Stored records
------------------------------------------------
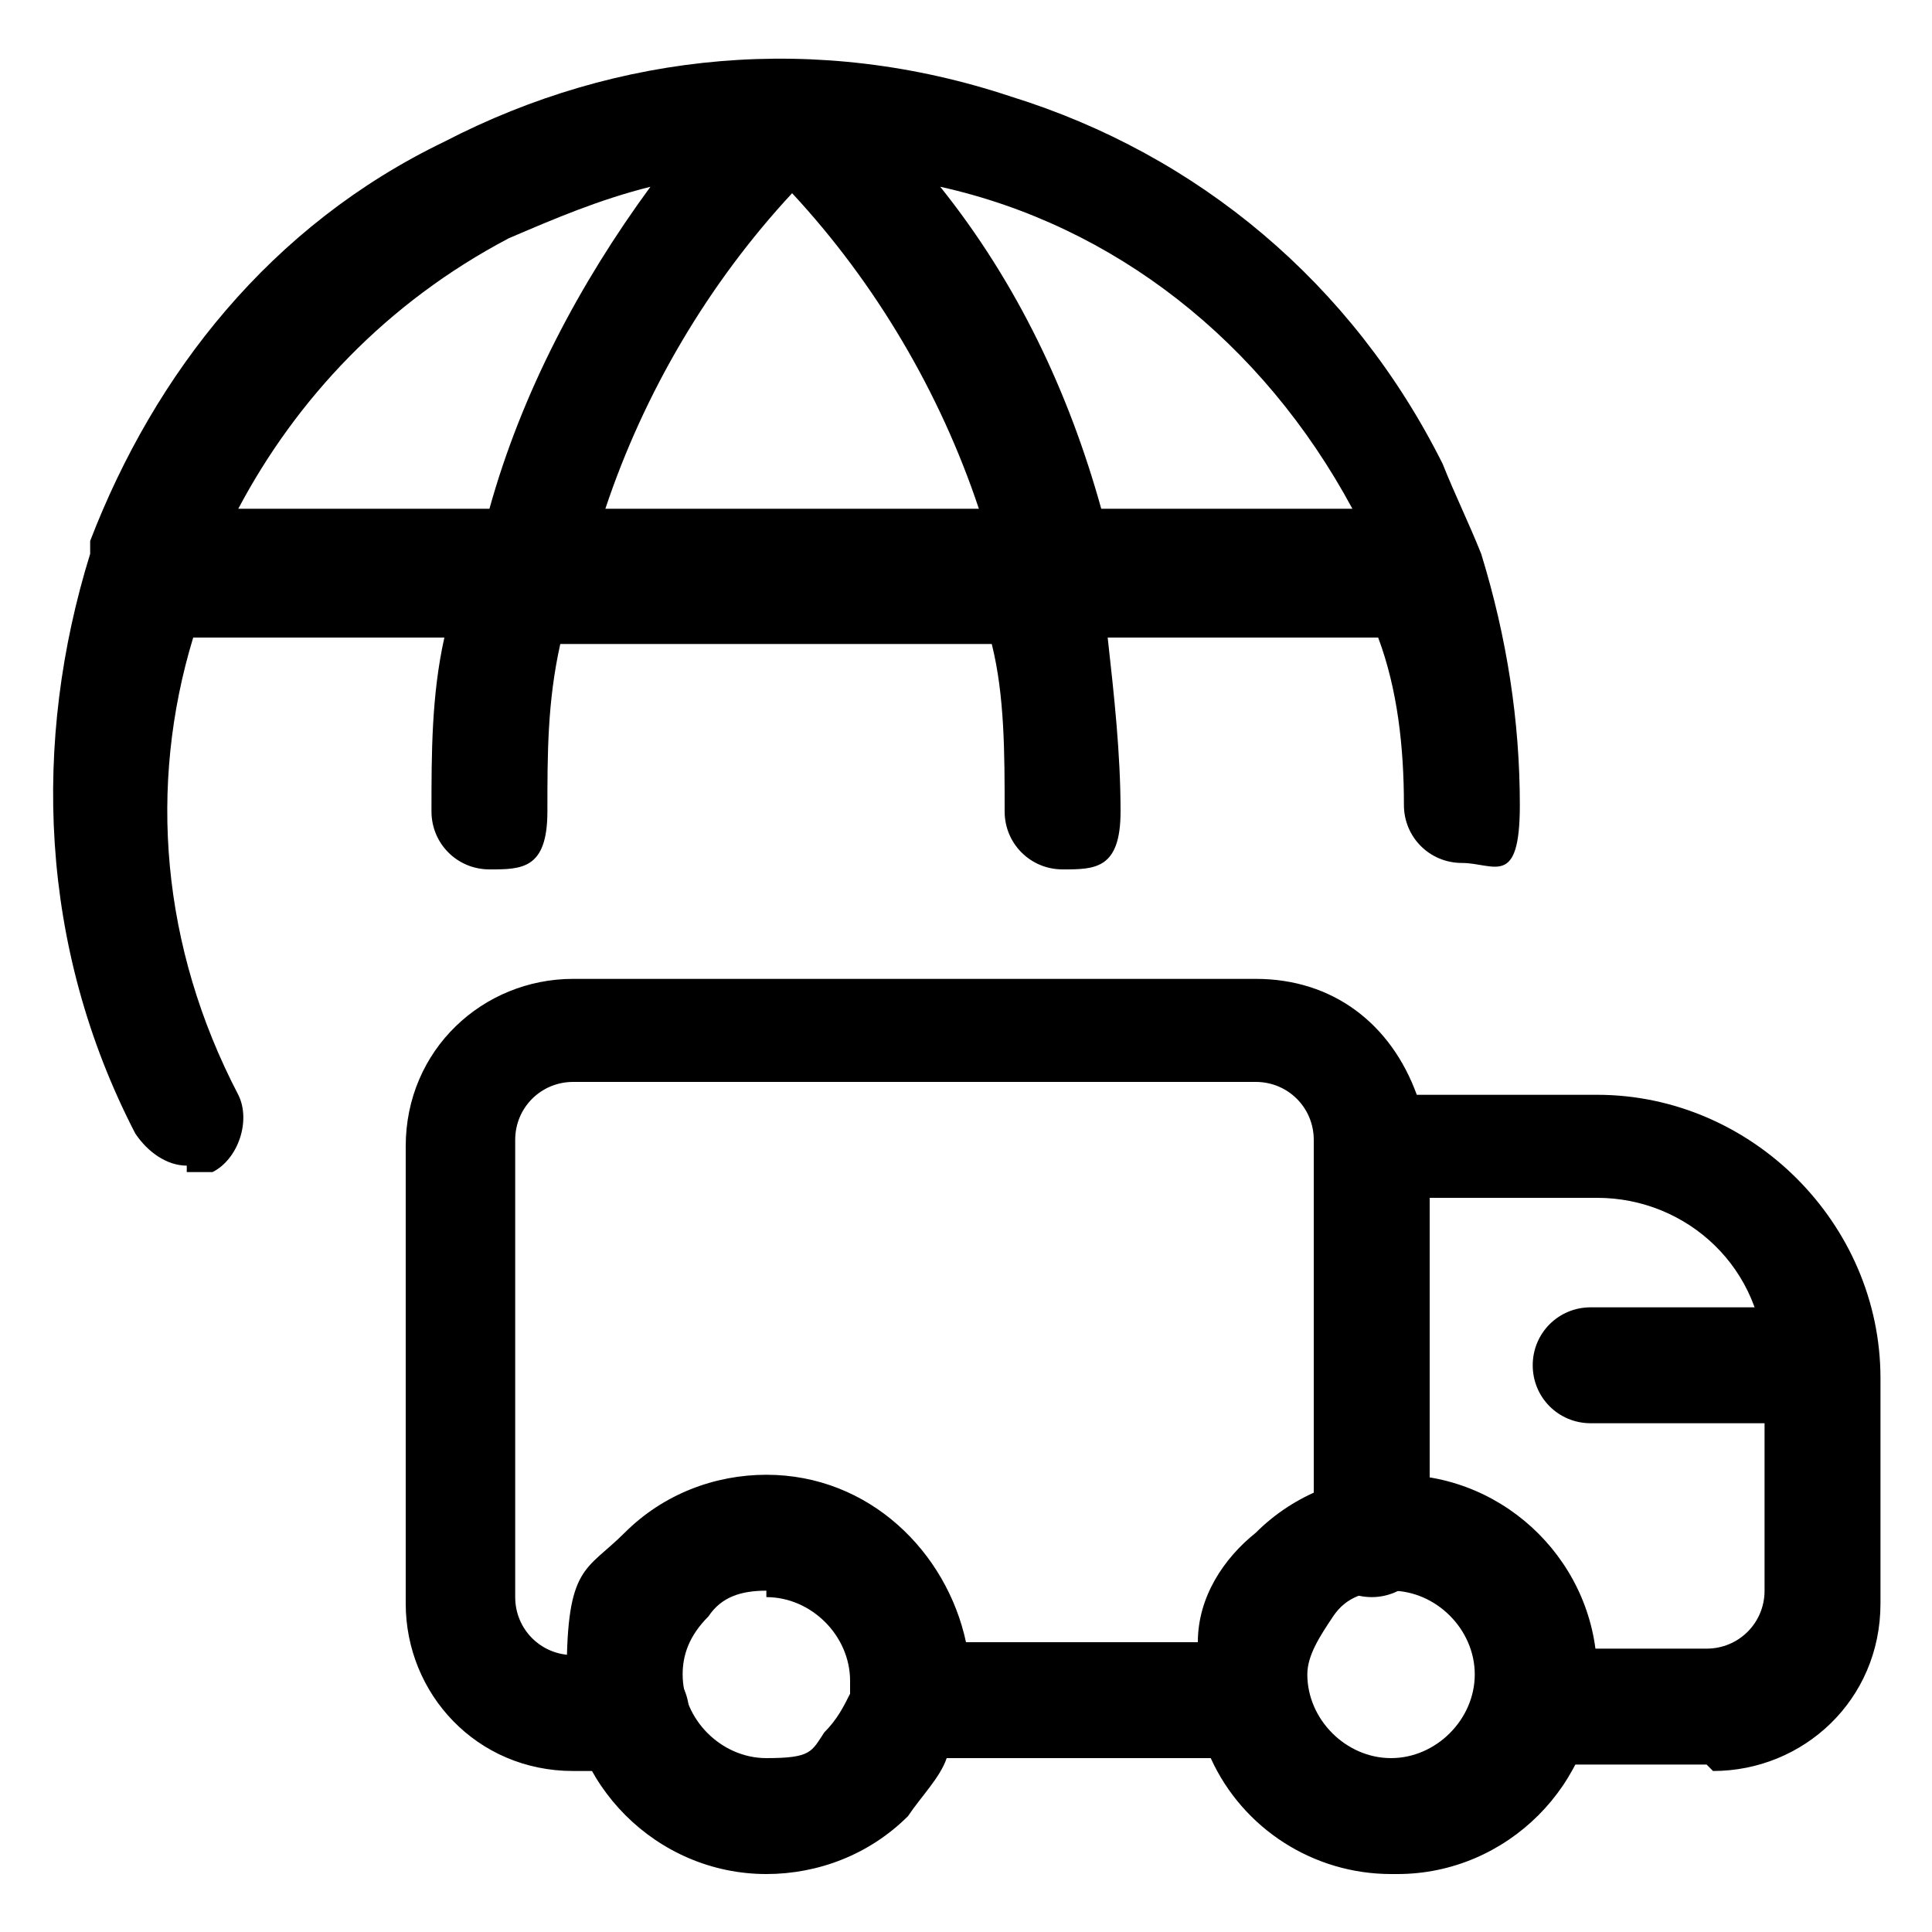 <svg viewBox="0 0 30 30" version="1.1" xmlns="http://www.w3.org/2000/svg" data-sanitized-data-name="Layer 1" data-name="Layer 1" id="Layer_1">
  <defs>
    <style>
      .cls-1 {
        fill: #000;
        stroke-width: 0px;
      }
    </style>
  </defs>
  <path d="M26.5,27.4h-2.7c-.5,0-.9-.4-.9-.9s.4-.9.9-.9h2.7c.5,0,.9-.4.9-.9v-3.5c0-1.5-1.2-2.6-2.6-2.6h-2.6v5.3c0,.5-.4.9-.9.9s-.9-.4-.9-.9v-6.2c0-.5-.4-.9-.9-.9h-10.6c-.5,0-.9.4-.9.9v7.1c0,.5.4.9.9.9h.9c.5,0,.9.4.9.9s-.4.9-.9.9h-.9c-1.5,0-2.6-1.2-2.6-2.6v-7.1c0-1.5,1.2-2.6,2.6-2.6h10.6c1.2,0,2.1.7,2.5,1.8h2.8c2.4,0,4.4,2,4.4,4.4v3.5c0,1.5-1.2,2.6-2.6,2.6h0Z" class="cls-1"></path>
  <path d="M21.6,29.1c-1.2,0-2.3-.7-2.8-1.8h-4.1c-.1.3-.4.6-.6.9-.6.6-1.4.9-2.2.9-1.7,0-3.1-1.4-3.1-3.1s.3-1.6.9-2.2c.6-.6,1.4-.9,2.2-.9,1.6,0,2.8,1.2,3.1,2.6h3.6c0-.7.4-1.3.9-1.7.6-.6,1.4-.9,2.2-.9,1.7,0,3.1,1.4,3.1,3.1s-1.4,3.1-3.1,3.1h-.1ZM21.6,24.7c-.4,0-.7.1-.9.4-.2.3-.4.6-.4.9,0,.7.6,1.3,1.3,1.3s1.3-.6,1.3-1.3-.6-1.3-1.3-1.3ZM11.9,24.7c-.4,0-.7.1-.9.4-.3.3-.4.6-.4.9,0,.7.6,1.3,1.3,1.3s.7-.1.9-.4c.2-.2.3-.4.4-.6h0v-.2c0-.7-.6-1.3-1.3-1.3h0ZM28.2,22.1h-3.5c-.5,0-.9-.4-.9-.9s.4-.9.9-.9h3.5c.5,0,.9.4.9.9s-.4.9-.9.9ZM2.9,18.1c-.3,0-.6-.2-.8-.5-1.5-2.9-1.6-6.1-.7-9v-.2c1-2.6,2.8-4.9,5.5-6.2,2.7-1.4,5.8-1.7,8.8-.7,2.9.9,5.3,2.9,6.7,5.7.2.5.4.9.6,1.4h0c.4,1.3.6,2.6.6,3.9s-.4.9-.9.9h0c-.5,0-.9-.4-.9-.9,0-.9-.1-1.8-.4-2.6h-4.2c.1.9.2,1.8.2,2.7s-.4.9-.9.9-.9-.4-.9-.9c0-.9,0-1.8-.2-2.6h-6.7c-.2.9-.2,1.7-.2,2.6s-.4.9-.9.9-.9-.4-.9-.9c0-.9,0-1.8.2-2.7h-3.9c-.7,2.3-.5,4.8.7,7.1.2.4,0,1-.4,1.2h-.4ZM17.1,7.9h3.9c-1.4-2.6-3.7-4.4-6.4-5,1.2,1.5,2,3.2,2.5,5ZM9.4,7.9h5.8c-.6-1.8-1.6-3.5-2.9-4.9-1.3,1.4-2.3,3.1-2.9,4.9ZM3.7,7.9h3.9c.5-1.8,1.4-3.5,2.5-5-.8.2-1.5.5-2.2.8-1.9,1-3.3,2.5-4.2,4.2Z" class="cls-1"></path>
</svg>
------------------------------------------------
WHAT YOU SHOULD DO: Output a precise copy of the entries, leaving the images out.

ANSWER FOR THIS EXERCISE:
 <svg viewBox="0 0 30 30" version="1.1" xmlns="http://www.w3.org/2000/svg" data-sanitized-data-name="Layer 1" data-name="Layer 1" id="Layer_1">
  <defs>
    <style>
      .cls-1 {
        fill: #000;
        stroke-width: 0px;
      }
    </style>
  </defs>
  <path d="M26.5,27.4h-2.7c-.5,0-.9-.4-.9-.9s.4-.9.9-.9h2.7c.5,0,.9-.4.9-.9v-3.5c0-1.5-1.2-2.6-2.6-2.6h-2.6v5.3c0,.5-.4.9-.9.9s-.9-.4-.9-.9v-6.2c0-.5-.4-.9-.9-.9h-10.6c-.5,0-.9.4-.9.9v7.1c0,.5.4.9.9.9h.9c.5,0,.9.4.9.9s-.4.9-.9.9h-.9c-1.5,0-2.6-1.2-2.6-2.6v-7.1c0-1.5,1.2-2.6,2.6-2.6h10.6c1.2,0,2.1.7,2.5,1.8h2.8c2.4,0,4.4,2,4.4,4.4v3.5c0,1.5-1.2,2.6-2.6,2.6h0Z" class="cls-1"></path>
  <path d="M21.6,29.1c-1.2,0-2.3-.7-2.8-1.8h-4.1c-.1.3-.4.6-.6.9-.6.6-1.4.9-2.2.9-1.7,0-3.1-1.4-3.1-3.1s.3-1.6.9-2.2c.6-.6,1.4-.9,2.2-.9,1.6,0,2.8,1.2,3.1,2.6h3.6c0-.7.4-1.3.9-1.7.6-.6,1.4-.9,2.2-.9,1.7,0,3.1,1.4,3.1,3.1s-1.4,3.1-3.1,3.1h-.1ZM21.6,24.7c-.4,0-.7.1-.9.4-.2.3-.4.6-.4.9,0,.7.6,1.3,1.3,1.3s1.3-.6,1.3-1.3-.6-1.3-1.3-1.3ZM11.9,24.7c-.4,0-.7.1-.9.4-.3.3-.4.6-.4.9,0,.7.6,1.3,1.3,1.3s.7-.1.9-.4c.2-.2.3-.4.4-.6h0v-.2c0-.7-.6-1.3-1.3-1.3h0ZM28.2,22.1h-3.5c-.5,0-.9-.4-.9-.9s.4-.9.9-.9h3.5c.5,0,.9.4.9.9s-.4.9-.9.9ZM2.9,18.1c-.3,0-.6-.2-.8-.5-1.5-2.9-1.6-6.1-.7-9v-.2c1-2.6,2.8-4.9,5.5-6.2,2.7-1.4,5.8-1.7,8.8-.7,2.9.9,5.3,2.9,6.7,5.7.2.5.4.9.6,1.4h0c.4,1.3.6,2.6.6,3.9s-.4.9-.9.9h0c-.5,0-.9-.4-.9-.9,0-.9-.1-1.8-.4-2.6h-4.2c.1.9.2,1.8.2,2.7s-.4.9-.9.9-.9-.4-.9-.9c0-.9,0-1.8-.2-2.6h-6.7c-.2.9-.2,1.7-.2,2.6s-.4.9-.9.9-.9-.4-.9-.9c0-.9,0-1.8.2-2.7h-3.9c-.7,2.3-.5,4.8.7,7.1.2.4,0,1-.4,1.2h-.4ZM17.1,7.9h3.9c-1.4-2.6-3.7-4.4-6.4-5,1.2,1.5,2,3.2,2.5,5ZM9.4,7.9h5.8c-.6-1.8-1.6-3.5-2.9-4.9-1.3,1.4-2.3,3.1-2.9,4.9ZM3.7,7.9h3.9c.5-1.8,1.4-3.5,2.5-5-.8.2-1.5.5-2.2.8-1.9,1-3.3,2.5-4.2,4.2Z" class="cls-1"></path>
</svg>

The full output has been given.